I think at least in tech entrepreneurship, I think two things matter a lot. So I remember listening to this very popular investor, I’m forgetting his name and he quoted when you start a business, think about whether you’re building a better banana or you’re creating a new fruit, because if you’re creating a new fruit, your ride is going to be tough for the first 3 to 4 years because, you know, you have to create the demand for that fruit, you have to make people taste it before you can scale it, if you’re building a better banana, everybody knows what a banana, it cracks like a banana looks like a banana, it is a banana. Yeah, it’s a shorter banana, longer banana, you know, colorful banana. People know what a banana is, but you have to tell them yours is slightly better, so you, as an entrepreneur have to figure out what is your business, is it a better banana or better or a new fruit and then tune it accordingly, whether you have to raise money from venture capital, can you self sustain it with small savings and run it forever? Are you looking for that particular outcome, which is, yep, you know, 0-1 in two years and 100, 200 million in 10 years. So design it alongside, as you’re thinking about the product, you know, banana versus the fruit, and then think about whether you can scale it to that level, I think many founders get it wrong, they kind of do all of those things, every business they think is a venture scale business, but in reality it is not, I think being self reflecting about that question is very important.

Jeff Bullas

00:49:19 – 00:50:22

Yeah, I think that’s a very important differentiator and I think a lot of entrepreneurs become solo preneurs, because they really haven’t thought about building processes and systems in tech to actually help scale their business and they end up trading time for money. So you’ve obviously got a business that is scalable and also the other thing that’s good about software as a service products, which I don’t think we’ve alluded to, but you mentioned, I think along the way is that they can be incredibly profitable because once you’ve built the software, it’s just a matter of people onboarding and that can be very simply done if you think about it correctly.

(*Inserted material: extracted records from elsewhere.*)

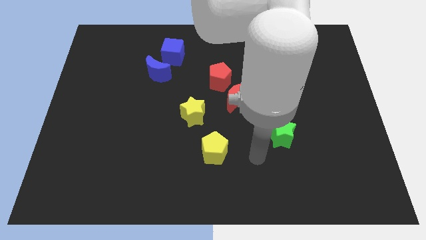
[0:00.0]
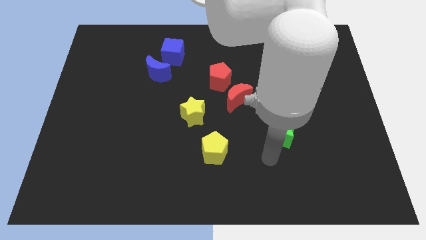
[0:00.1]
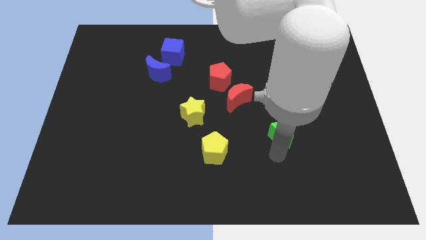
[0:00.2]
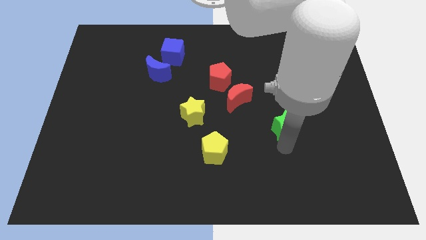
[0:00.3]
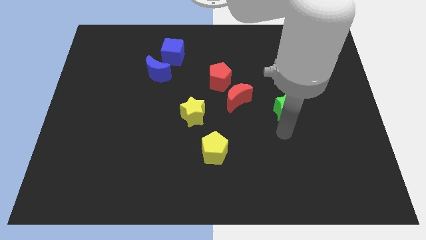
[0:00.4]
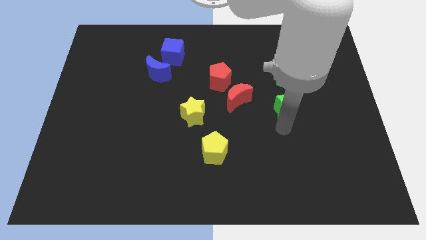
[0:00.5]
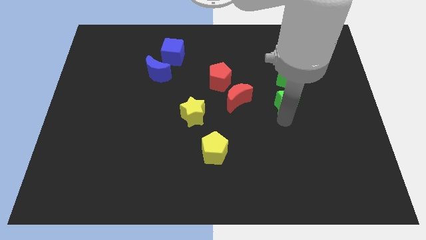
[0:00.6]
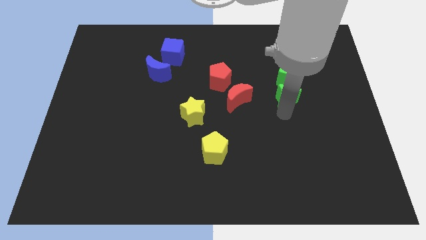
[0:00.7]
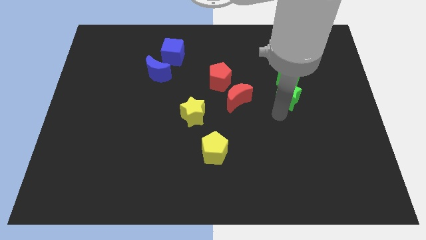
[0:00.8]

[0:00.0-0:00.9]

So it has been an absolute pleasure, mate, to talk to you. As I say in America, thanks buddy. And I look forward to actually catching up with you in Silicon valley one day. So thank you very much. Is there anything else you’d like to like? How do people find you? What’s the best contact point?

Indus Khaitan

00:50:23 – 00:50:49

Yeah, you could find me on LinkedIn, Indus Khaitan. You know, fortunately there is only one person by that combination. I’m on the top of Google. If you type in my name in this case or go to Quolum.com, you’ll find my coordinates there, connect with me on LinkedIn. Find me on Quolum.com and as in America, my kids would say thanks bro. Good chatting with you, Jeff.

Jeff Bullas

00:50:49 – 00:50:57

Thanks. And this has been an absolute pleasure, mate, and enjoy and I love hearing your stories and what you’ve learned, Thank you very much.